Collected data
******************************

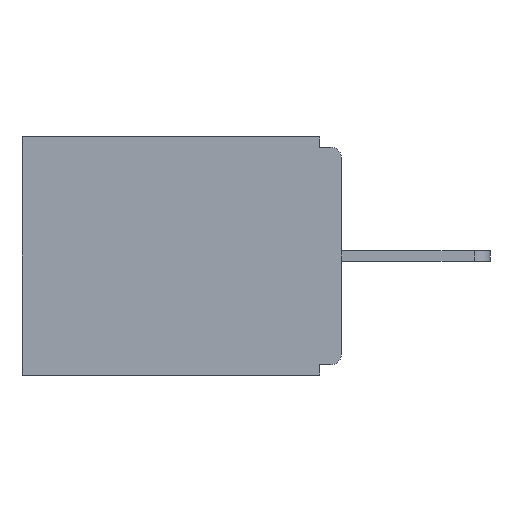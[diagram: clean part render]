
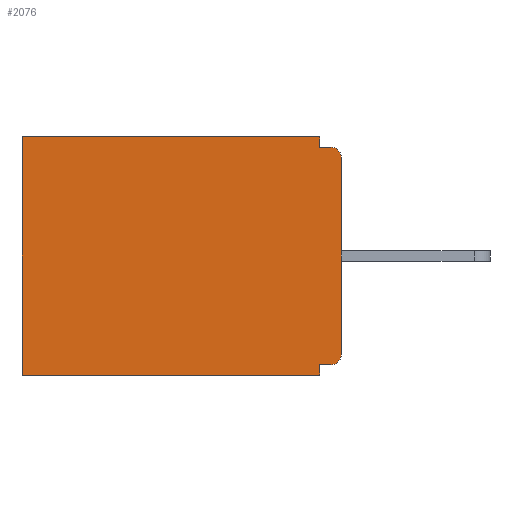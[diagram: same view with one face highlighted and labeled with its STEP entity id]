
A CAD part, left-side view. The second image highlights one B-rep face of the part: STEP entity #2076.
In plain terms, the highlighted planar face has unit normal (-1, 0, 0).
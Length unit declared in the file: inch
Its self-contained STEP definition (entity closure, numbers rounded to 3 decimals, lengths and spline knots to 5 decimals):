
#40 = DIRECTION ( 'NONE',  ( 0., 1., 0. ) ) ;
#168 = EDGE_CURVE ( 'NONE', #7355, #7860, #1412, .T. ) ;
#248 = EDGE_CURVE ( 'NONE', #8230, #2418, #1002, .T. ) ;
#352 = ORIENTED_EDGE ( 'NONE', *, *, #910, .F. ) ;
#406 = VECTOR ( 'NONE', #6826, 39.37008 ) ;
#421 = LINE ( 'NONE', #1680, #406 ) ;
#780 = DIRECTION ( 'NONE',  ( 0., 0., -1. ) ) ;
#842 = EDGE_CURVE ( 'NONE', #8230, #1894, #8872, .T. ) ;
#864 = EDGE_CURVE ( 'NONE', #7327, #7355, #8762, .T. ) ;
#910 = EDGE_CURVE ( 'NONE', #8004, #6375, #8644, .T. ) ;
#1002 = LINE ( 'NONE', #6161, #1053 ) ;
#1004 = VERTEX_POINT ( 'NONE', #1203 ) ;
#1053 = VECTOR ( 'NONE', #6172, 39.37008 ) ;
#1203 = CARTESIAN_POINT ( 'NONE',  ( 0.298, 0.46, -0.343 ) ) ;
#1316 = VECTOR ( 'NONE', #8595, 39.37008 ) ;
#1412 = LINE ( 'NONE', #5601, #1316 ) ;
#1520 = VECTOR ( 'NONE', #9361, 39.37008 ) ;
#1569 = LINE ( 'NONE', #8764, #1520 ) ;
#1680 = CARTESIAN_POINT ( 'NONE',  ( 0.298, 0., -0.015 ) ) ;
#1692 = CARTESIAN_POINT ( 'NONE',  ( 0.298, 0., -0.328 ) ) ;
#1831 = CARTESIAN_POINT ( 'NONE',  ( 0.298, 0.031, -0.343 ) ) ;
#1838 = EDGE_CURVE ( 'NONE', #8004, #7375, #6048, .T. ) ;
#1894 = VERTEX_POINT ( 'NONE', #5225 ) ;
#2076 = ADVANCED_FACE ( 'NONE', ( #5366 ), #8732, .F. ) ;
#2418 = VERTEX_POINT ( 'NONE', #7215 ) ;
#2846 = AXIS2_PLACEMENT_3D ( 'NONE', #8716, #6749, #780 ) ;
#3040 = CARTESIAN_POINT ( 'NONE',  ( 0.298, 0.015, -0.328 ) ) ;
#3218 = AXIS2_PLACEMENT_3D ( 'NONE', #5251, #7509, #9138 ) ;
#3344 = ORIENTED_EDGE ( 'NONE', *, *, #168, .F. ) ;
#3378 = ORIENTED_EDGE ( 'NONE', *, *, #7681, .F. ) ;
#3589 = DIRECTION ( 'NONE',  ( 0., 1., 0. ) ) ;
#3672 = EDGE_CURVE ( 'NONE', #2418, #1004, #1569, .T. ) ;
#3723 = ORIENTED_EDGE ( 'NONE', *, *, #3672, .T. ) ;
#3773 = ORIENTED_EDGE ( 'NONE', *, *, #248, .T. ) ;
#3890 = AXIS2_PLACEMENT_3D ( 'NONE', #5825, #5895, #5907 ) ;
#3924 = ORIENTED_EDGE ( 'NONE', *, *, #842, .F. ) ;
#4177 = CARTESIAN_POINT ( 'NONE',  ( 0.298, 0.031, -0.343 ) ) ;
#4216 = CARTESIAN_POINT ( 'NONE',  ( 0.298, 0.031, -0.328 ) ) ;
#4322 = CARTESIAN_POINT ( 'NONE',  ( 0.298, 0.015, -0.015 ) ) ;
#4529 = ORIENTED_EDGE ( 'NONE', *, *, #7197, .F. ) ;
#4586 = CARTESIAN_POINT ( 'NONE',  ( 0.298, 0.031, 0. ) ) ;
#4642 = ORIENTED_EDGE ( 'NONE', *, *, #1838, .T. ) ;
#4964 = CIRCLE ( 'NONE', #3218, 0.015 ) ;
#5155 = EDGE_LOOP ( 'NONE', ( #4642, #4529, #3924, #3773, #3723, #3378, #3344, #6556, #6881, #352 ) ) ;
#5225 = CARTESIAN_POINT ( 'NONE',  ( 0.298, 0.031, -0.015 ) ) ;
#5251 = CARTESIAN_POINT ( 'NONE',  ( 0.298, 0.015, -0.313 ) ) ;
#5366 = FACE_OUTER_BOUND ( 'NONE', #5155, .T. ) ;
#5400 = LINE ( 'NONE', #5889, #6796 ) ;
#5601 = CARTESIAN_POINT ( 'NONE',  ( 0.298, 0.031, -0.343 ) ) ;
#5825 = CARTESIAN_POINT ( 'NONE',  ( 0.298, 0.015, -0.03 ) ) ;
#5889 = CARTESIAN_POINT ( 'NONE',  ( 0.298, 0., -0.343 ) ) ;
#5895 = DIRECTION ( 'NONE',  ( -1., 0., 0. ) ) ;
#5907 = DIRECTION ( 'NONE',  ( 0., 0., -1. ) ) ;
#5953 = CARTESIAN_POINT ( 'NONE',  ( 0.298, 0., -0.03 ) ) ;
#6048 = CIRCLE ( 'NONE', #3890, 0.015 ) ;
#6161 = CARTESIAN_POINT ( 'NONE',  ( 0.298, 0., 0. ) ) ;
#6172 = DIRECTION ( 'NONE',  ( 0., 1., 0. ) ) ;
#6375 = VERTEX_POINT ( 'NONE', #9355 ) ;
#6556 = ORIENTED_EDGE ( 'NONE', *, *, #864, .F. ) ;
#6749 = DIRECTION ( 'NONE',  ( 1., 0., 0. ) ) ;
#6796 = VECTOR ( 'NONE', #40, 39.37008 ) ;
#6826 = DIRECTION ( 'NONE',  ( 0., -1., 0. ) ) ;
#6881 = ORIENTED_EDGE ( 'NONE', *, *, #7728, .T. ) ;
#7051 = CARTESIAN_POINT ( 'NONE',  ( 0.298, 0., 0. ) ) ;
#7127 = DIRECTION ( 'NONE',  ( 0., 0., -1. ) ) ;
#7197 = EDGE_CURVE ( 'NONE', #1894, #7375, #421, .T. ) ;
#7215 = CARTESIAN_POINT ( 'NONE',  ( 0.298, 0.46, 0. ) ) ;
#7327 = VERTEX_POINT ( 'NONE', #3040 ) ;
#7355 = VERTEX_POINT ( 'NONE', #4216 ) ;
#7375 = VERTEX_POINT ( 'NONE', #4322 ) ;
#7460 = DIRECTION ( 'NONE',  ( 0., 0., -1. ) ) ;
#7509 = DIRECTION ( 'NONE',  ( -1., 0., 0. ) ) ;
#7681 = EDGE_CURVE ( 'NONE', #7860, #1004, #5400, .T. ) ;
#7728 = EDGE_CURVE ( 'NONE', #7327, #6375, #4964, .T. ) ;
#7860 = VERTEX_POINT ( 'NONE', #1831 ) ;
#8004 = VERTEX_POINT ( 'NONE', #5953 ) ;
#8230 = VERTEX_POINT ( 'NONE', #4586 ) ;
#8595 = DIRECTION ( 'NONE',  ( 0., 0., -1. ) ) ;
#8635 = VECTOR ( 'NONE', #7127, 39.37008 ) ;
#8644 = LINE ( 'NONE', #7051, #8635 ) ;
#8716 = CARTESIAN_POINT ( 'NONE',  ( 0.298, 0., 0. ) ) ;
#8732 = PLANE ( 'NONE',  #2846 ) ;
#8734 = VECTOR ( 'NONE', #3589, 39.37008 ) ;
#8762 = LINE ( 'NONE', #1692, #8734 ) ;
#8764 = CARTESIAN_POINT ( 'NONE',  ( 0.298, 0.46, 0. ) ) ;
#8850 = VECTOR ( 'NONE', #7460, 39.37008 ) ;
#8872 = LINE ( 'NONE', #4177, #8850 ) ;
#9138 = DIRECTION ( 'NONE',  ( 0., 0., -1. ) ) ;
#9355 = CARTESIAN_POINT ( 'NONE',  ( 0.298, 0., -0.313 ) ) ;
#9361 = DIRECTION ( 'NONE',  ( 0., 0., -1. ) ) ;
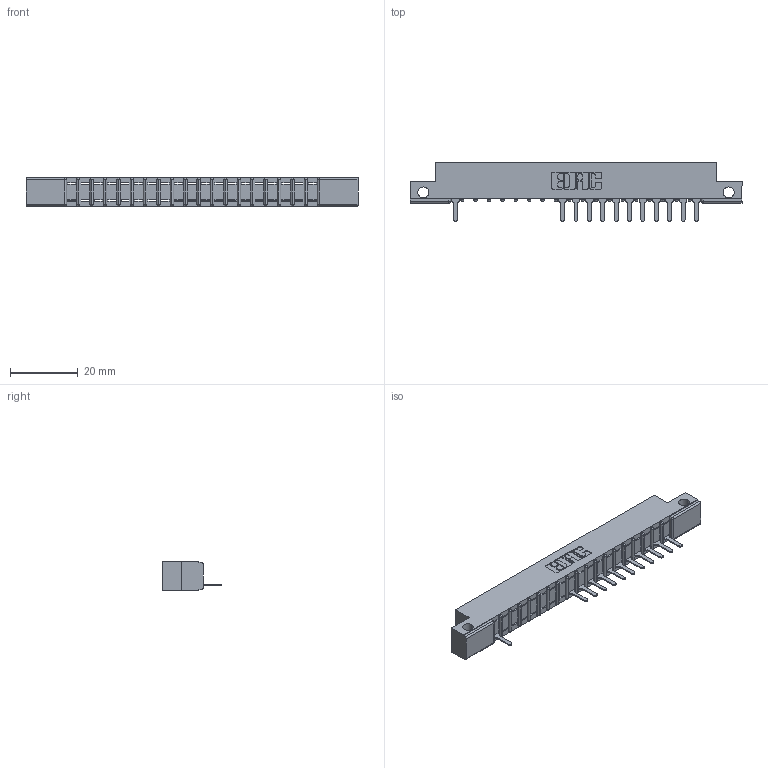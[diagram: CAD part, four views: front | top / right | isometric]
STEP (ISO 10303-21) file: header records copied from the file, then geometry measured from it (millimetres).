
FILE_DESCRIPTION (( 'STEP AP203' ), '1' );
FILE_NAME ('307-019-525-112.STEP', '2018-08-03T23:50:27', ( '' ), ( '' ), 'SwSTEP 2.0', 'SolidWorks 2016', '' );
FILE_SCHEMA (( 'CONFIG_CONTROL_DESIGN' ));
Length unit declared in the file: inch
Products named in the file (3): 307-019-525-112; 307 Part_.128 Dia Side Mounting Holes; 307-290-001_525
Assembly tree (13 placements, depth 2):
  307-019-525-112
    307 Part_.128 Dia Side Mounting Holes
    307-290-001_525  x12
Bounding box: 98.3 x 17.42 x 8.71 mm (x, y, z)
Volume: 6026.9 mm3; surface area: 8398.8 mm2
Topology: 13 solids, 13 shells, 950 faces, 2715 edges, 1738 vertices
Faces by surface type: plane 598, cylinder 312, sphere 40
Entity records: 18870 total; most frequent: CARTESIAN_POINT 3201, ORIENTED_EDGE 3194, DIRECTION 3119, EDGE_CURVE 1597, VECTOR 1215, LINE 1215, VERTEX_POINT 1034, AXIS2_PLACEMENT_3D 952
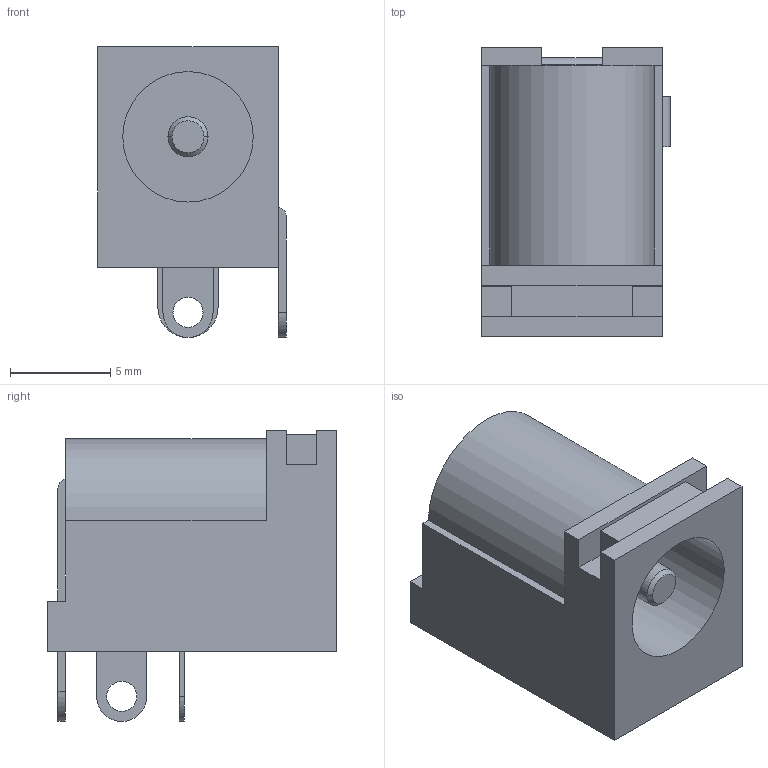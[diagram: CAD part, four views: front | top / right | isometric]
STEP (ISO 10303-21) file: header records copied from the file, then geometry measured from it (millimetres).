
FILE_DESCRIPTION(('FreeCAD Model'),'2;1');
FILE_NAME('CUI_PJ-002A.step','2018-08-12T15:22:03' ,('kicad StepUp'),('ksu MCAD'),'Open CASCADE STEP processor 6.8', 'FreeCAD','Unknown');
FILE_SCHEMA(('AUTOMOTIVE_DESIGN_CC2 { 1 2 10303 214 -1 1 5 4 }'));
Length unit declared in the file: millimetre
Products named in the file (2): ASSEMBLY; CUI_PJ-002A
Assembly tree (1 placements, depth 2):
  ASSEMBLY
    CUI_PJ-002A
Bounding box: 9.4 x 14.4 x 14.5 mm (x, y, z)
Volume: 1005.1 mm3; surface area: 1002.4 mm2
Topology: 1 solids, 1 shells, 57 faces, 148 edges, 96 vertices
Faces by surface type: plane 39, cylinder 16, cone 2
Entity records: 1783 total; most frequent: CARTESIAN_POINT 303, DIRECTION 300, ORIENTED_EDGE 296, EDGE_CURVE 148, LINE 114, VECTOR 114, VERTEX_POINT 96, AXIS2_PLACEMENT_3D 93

******************************

From the first line of the records through the line containing "#1004 = VERTEX_POINT ( 'NONE', #1203 ) ;", please output exactly those lines and nothing more, leaving out the pictures.

[diagram: clean part render]
[diagram: same view with one face highlighted and labeled with its STEP entity id]
A CAD part, left-side view. The second image highlights one B-rep face of the part: STEP entity #2076.
In plain terms, the highlighted planar face has unit normal (-1, 0, 0).
Length unit declared in the file: inch
Its self-contained STEP definition (entity closure, numbers rounded to 3 decimals, lengths and spline knots to 5 decimals):
#40 = DIRECTION ( 'NONE',  ( 0., 1., 0. ) ) ;
#168 = EDGE_CURVE ( 'NONE', #7355, #7860, #1412, .T. ) ;
#248 = EDGE_CURVE ( 'NONE', #8230, #2418, #1002, .T. ) ;
#352 = ORIENTED_EDGE ( 'NONE', *, *, #910, .F. ) ;
#406 = VECTOR ( 'NONE', #6826, 39.37008 ) ;
#421 = LINE ( 'NONE', #1680, #406 ) ;
#780 = DIRECTION ( 'NONE',  ( 0., 0., -1. ) ) ;
#842 = EDGE_CURVE ( 'NONE', #8230, #1894, #8872, .T. ) ;
#864 = EDGE_CURVE ( 'NONE', #7327, #7355, #8762, .T. ) ;
#910 = EDGE_CURVE ( 'NONE', #8004, #6375, #8644, .T. ) ;
#1002 = LINE ( 'NONE', #6161, #1053 ) ;
#1004 = VERTEX_POINT ( 'NONE', #1203 ) ;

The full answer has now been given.